Assignment: Your job with the data below is to output exactly the lines from the one holding "main class: Cropland" down to the one holding "longitude: 21.6801", both included, and no others.

Records to process:
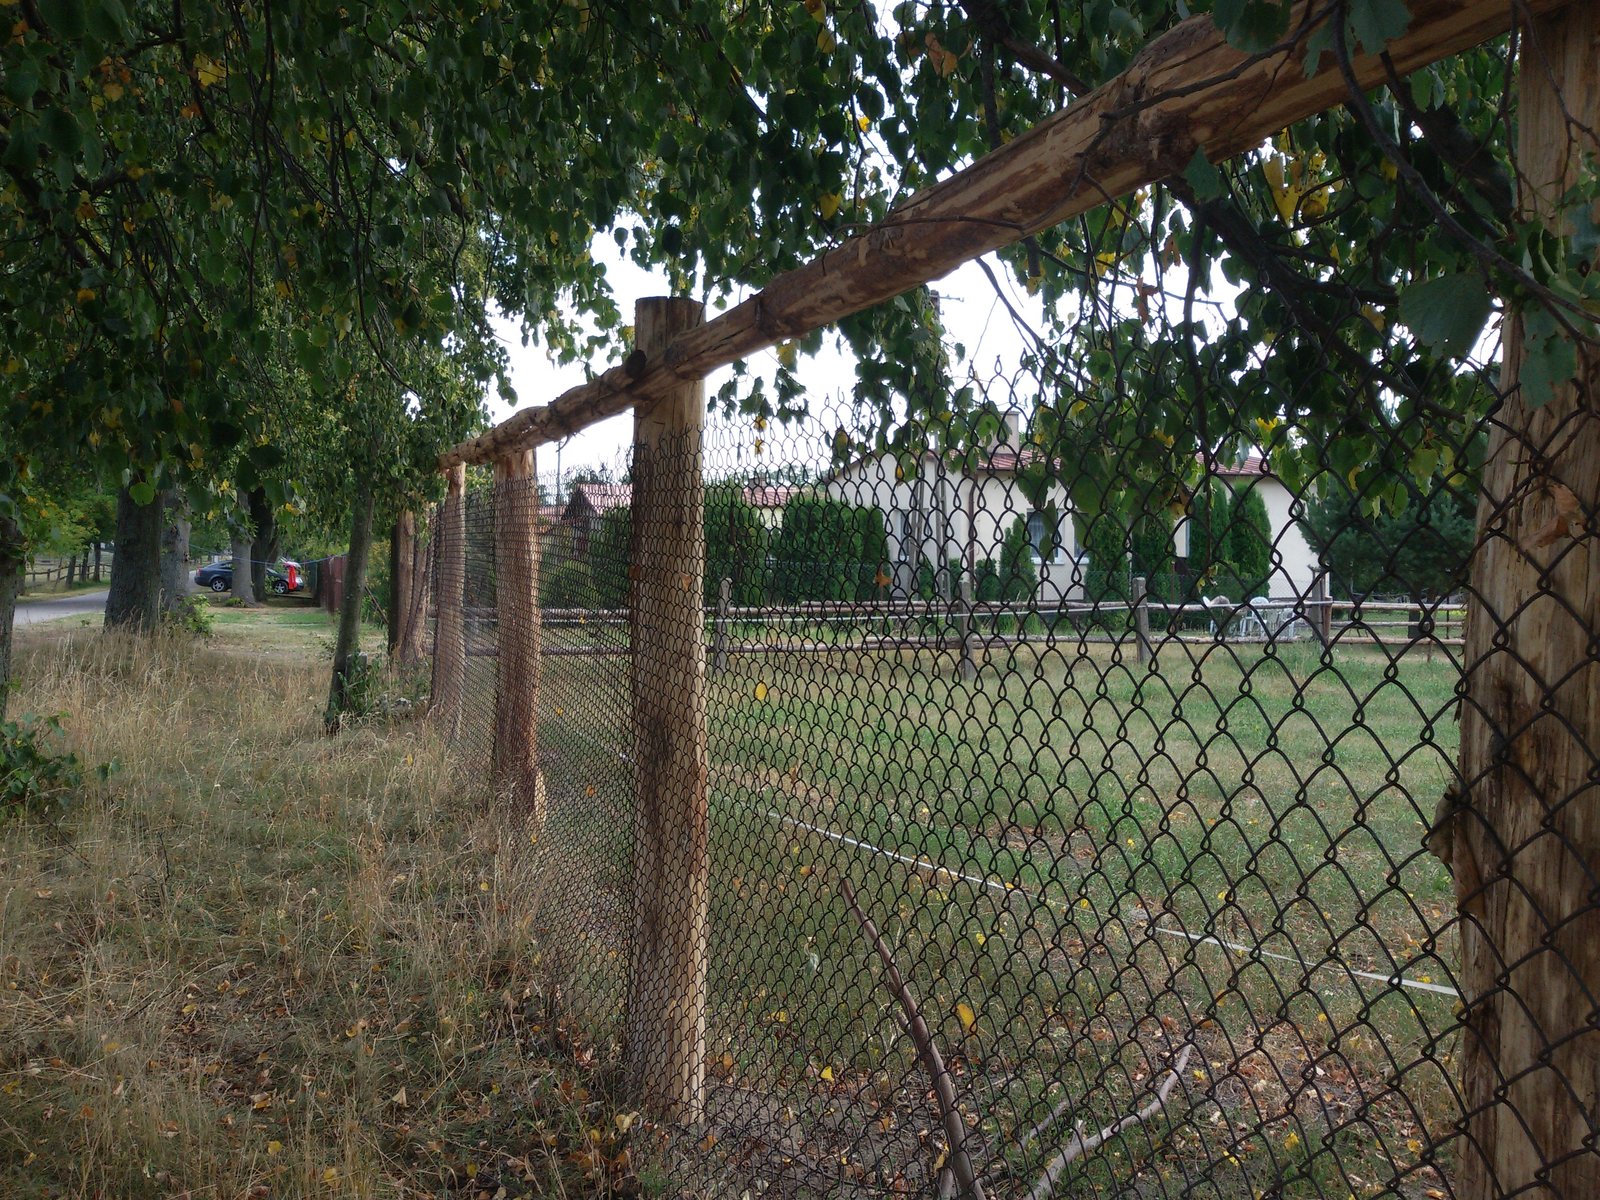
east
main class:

...

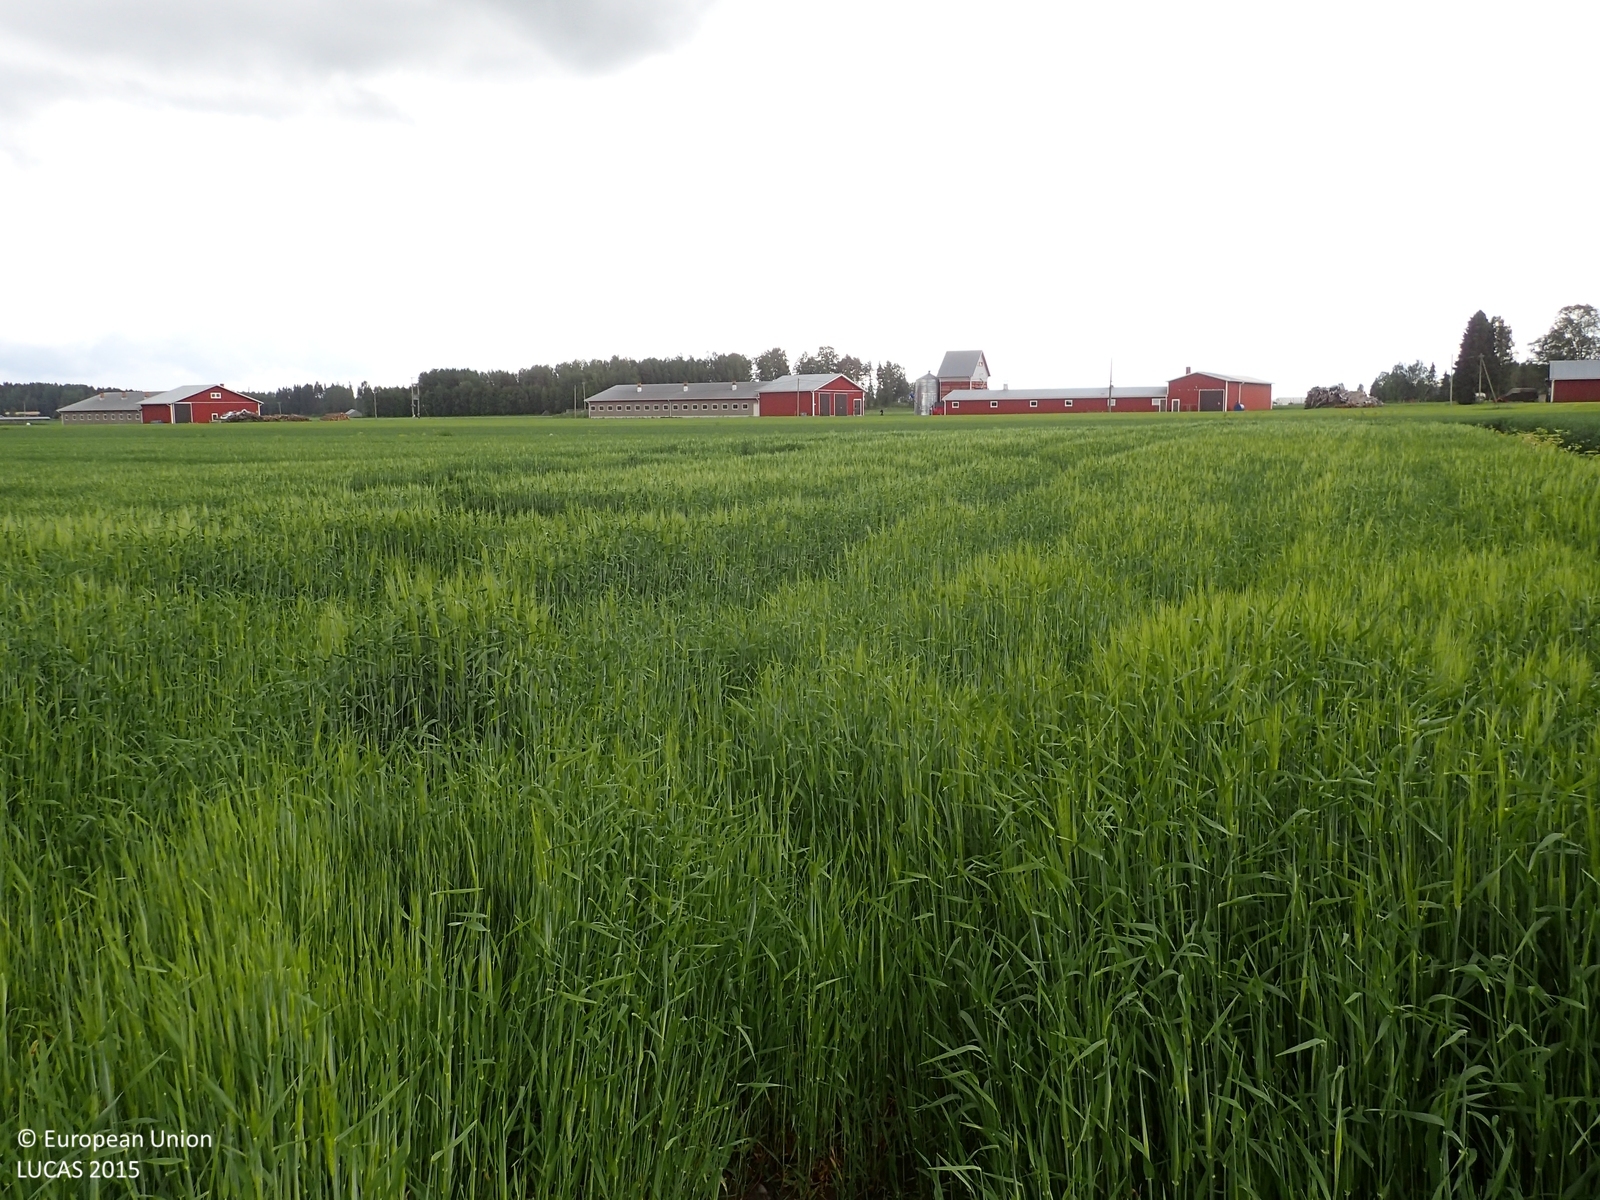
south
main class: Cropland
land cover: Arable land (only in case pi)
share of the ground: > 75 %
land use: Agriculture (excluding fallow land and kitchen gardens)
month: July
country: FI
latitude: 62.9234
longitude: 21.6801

Task answer:
main class: Cropland
land cover: Arable land (only in case pi)
share of the ground: > 75 %
land use: Agriculture (excluding fallow land and kitchen gardens)
month: July
country: FI
latitude: 62.9234
longitude: 21.6801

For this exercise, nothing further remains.